**Problem requirements**
Pictures are to be dropped. Everything else in the listing gets copied exactly.

-- Opening Marker --

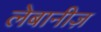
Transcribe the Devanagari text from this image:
लेबानीज़
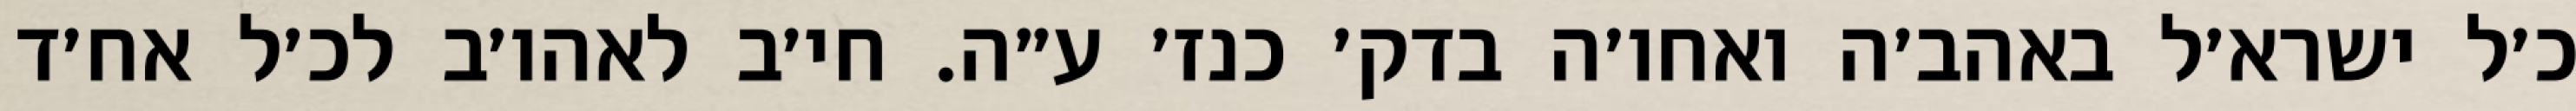
כ׳ל ישרא׳ל באהב׳ה ואחו׳ה בדק׳ כנז׳ ע״ה. חי׳ב לאהו׳ב לכ׳ל אח׳ד
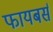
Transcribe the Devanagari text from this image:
फायबर्स
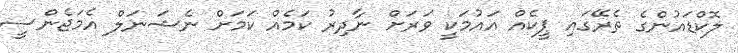
ލޮކްޑައުންގެ ތެރޭގައި ޕީކެއް އައުމަކީ ވަރަށް ނާދިރު ކަމެއް ކަމަށް ނެޝަނަލް އެމަޖެންސީ
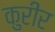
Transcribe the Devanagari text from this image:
कुरीर
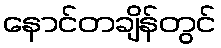
နောင်တချိန်တွင်
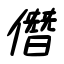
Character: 僭
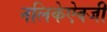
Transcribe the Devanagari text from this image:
नलिकेऐवजी
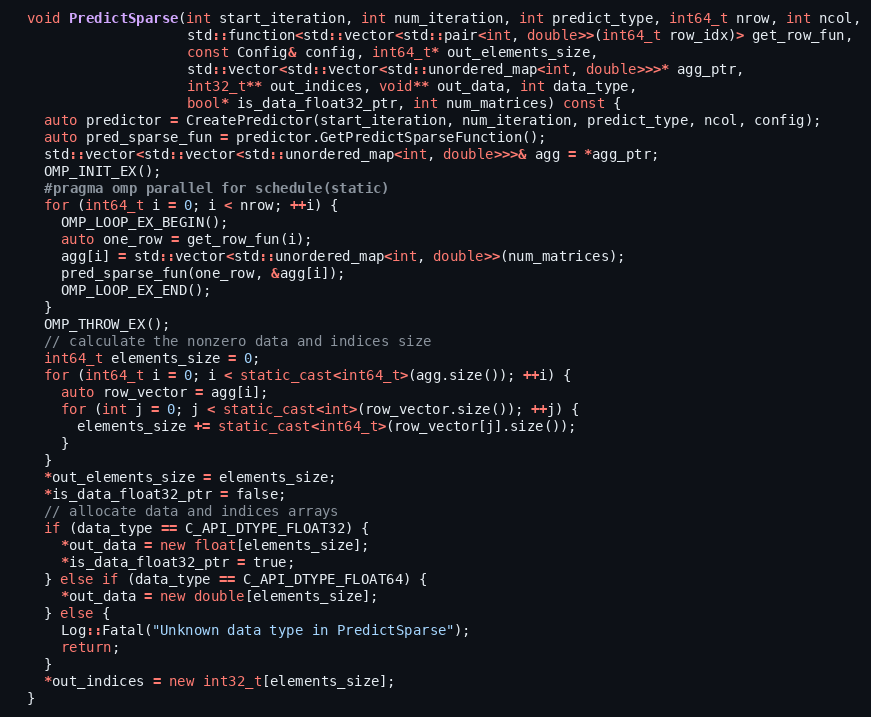
Language: C++
  void PredictSparse(int start_iteration, int num_iteration, int predict_type, int64_t nrow, int ncol,
                     std::function<std::vector<std::pair<int, double>>(int64_t row_idx)> get_row_fun,
                     const Config& config, int64_t* out_elements_size,
                     std::vector<std::vector<std::unordered_map<int, double>>>* agg_ptr,
                     int32_t** out_indices, void** out_data, int data_type,
                     bool* is_data_float32_ptr, int num_matrices) const {
    auto predictor = CreatePredictor(start_iteration, num_iteration, predict_type, ncol, config);
    auto pred_sparse_fun = predictor.GetPredictSparseFunction();
    std::vector<std::vector<std::unordered_map<int, double>>>& agg = *agg_ptr;
    OMP_INIT_EX();
    #pragma omp parallel for schedule(static)
    for (int64_t i = 0; i < nrow; ++i) {
      OMP_LOOP_EX_BEGIN();
      auto one_row = get_row_fun(i);
      agg[i] = std::vector<std::unordered_map<int, double>>(num_matrices);
      pred_sparse_fun(one_row, &agg[i]);
      OMP_LOOP_EX_END();
    }
    OMP_THROW_EX();
    // calculate the nonzero data and indices size
    int64_t elements_size = 0;
    for (int64_t i = 0; i < static_cast<int64_t>(agg.size()); ++i) {
      auto row_vector = agg[i];
      for (int j = 0; j < static_cast<int>(row_vector.size()); ++j) {
        elements_size += static_cast<int64_t>(row_vector[j].size());
      }
    }
    *out_elements_size = elements_size;
    *is_data_float32_ptr = false;
    // allocate data and indices arrays
    if (data_type == C_API_DTYPE_FLOAT32) {
      *out_data = new float[elements_size];
      *is_data_float32_ptr = true;
    } else if (data_type == C_API_DTYPE_FLOAT64) {
      *out_data = new double[elements_size];
    } else {
      Log::Fatal("Unknown data type in PredictSparse");
      return;
    }
    *out_indices = new int32_t[elements_size];
  }
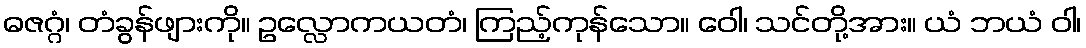
ဓဇဂ္ဂံ၊ တံခွန်ဖျားကို။ ဥလ္လောကယတံ၊ ကြည့်ကုန်သော။ ဝေါ၊ သင်တို့အား။ ယံ ဘယံ ဝါ၊
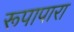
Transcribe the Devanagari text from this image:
रूपापारा
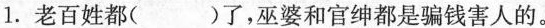
1.老百姓都()了，巫婆和官绅都是骗钱害人的。
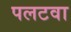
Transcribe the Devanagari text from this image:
पलटवा
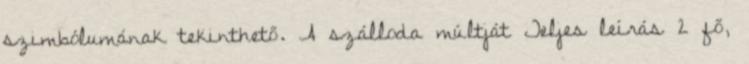
szimbólumának tekinthető. A szálloda múltját Teljes leírás 2 fő,
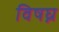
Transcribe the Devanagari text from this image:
विषघ्न
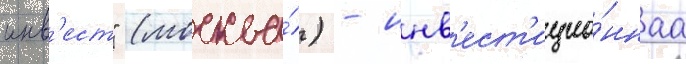
инв'ест" (москва́) - инв'ест'ицио́ннаа

-- Closing Marker --

**Exercise result**
Transcribe the Devanagari text from this image:
लेबानीज़
כ׳ל ישרא׳ל באהב׳ה ואחו׳ה בדק׳ כנז׳ ע״ה. חי׳ב לאהו׳ב לכ׳ל אח׳ד
Transcribe the Devanagari text from this image:
फायबर्स
ލޮކްޑައުންގެ ތެރޭގައި ޕީކެއް އައުމަކީ ވަރަށް ނާދިރު ކަމެއް ކަމަށް ނެޝަނަލް އެމަޖެންސީ
Transcribe the Devanagari text from this image:
कुरीर
နောင်တချိန်တွင်
Character: 僭
Transcribe the Devanagari text from this image:
नलिकेऐवजी
Language: C++
  void PredictSparse(int start_iteration, int num_iteration, int predict_type, int64_t nrow, int ncol,
                     std::function<std::vector<std::pair<int, double>>(int64_t row_idx)> get_row_fun,
                     const Config& config, int64_t* out_elements_size,
                     std::vector<std::vector<std::unordered_map<int, double>>>* agg_ptr,
                     int32_t** out_indices, void** out_data, int data_type,
                     bool* is_data_float32_ptr, int num_matrices) const {
    auto predictor = CreatePredictor(start_iteration, num_iteration, predict_type, ncol, config);
    auto pred_sparse_fun = predictor.GetPredictSparseFunction();
    std::vector<std::vector<std::unordered_map<int, double>>>& agg = *agg_ptr;
    OMP_INIT_EX();
    #pragma omp parallel for schedule(static)
    for (int64_t i = 0; i < nrow; ++i) {
      OMP_LOOP_EX_BEGIN();
      auto one_row = get_row_fun(i);
      agg[i] = std::vector<std::unordered_map<int, double>>(num_matrices);
      pred_sparse_fun(one_row, &agg[i]);
      OMP_LOOP_EX_END();
    }
    OMP_THROW_EX();
    // calculate the nonzero data and indices size
    int64_t elements_size = 0;
    for (int64_t i = 0; i < static_cast<int64_t>(agg.size()); ++i) {
      auto row_vector = agg[i];
      for (int j = 0; j < static_cast<int>(row_vector.size()); ++j) {
        elements_size += static_cast<int64_t>(row_vector[j].size());
      }
    }
    *out_elements_size = elements_size;
    *is_data_float32_ptr = false;
    // allocate data and indices arrays
    if (data_type == C_API_DTYPE_FLOAT32) {
      *out_data = new float[elements_size];
      *is_data_float32_ptr = true;
    } else if (data_type == C_API_DTYPE_FLOAT64) {
      *out_data = new double[elements_size];
    } else {
      Log::Fatal("Unknown data type in PredictSparse");
      return;
    }
    *out_indices = new int32_t[elements_size];
  }
ဓဇဂ္ဂံ၊ တံခွန်ဖျားကို။ ဥလ္လောကယတံ၊ ကြည့်ကုန်သော။ ဝေါ၊ သင်တို့အား။ ယံ ဘယံ ဝါ၊
Transcribe the Devanagari text from this image:
रूपापारा
1.老百姓都()了，巫婆和官绅都是骗钱害人的。
Transcribe the Devanagari text from this image:
पलटवा
szimbólumának tekinthető. A szálloda múltját Teljes leírás 2 fő,
Transcribe the Devanagari text from this image:
विषघ्न
инв'ест" (москва́) - инв'ест'ицио́ннаа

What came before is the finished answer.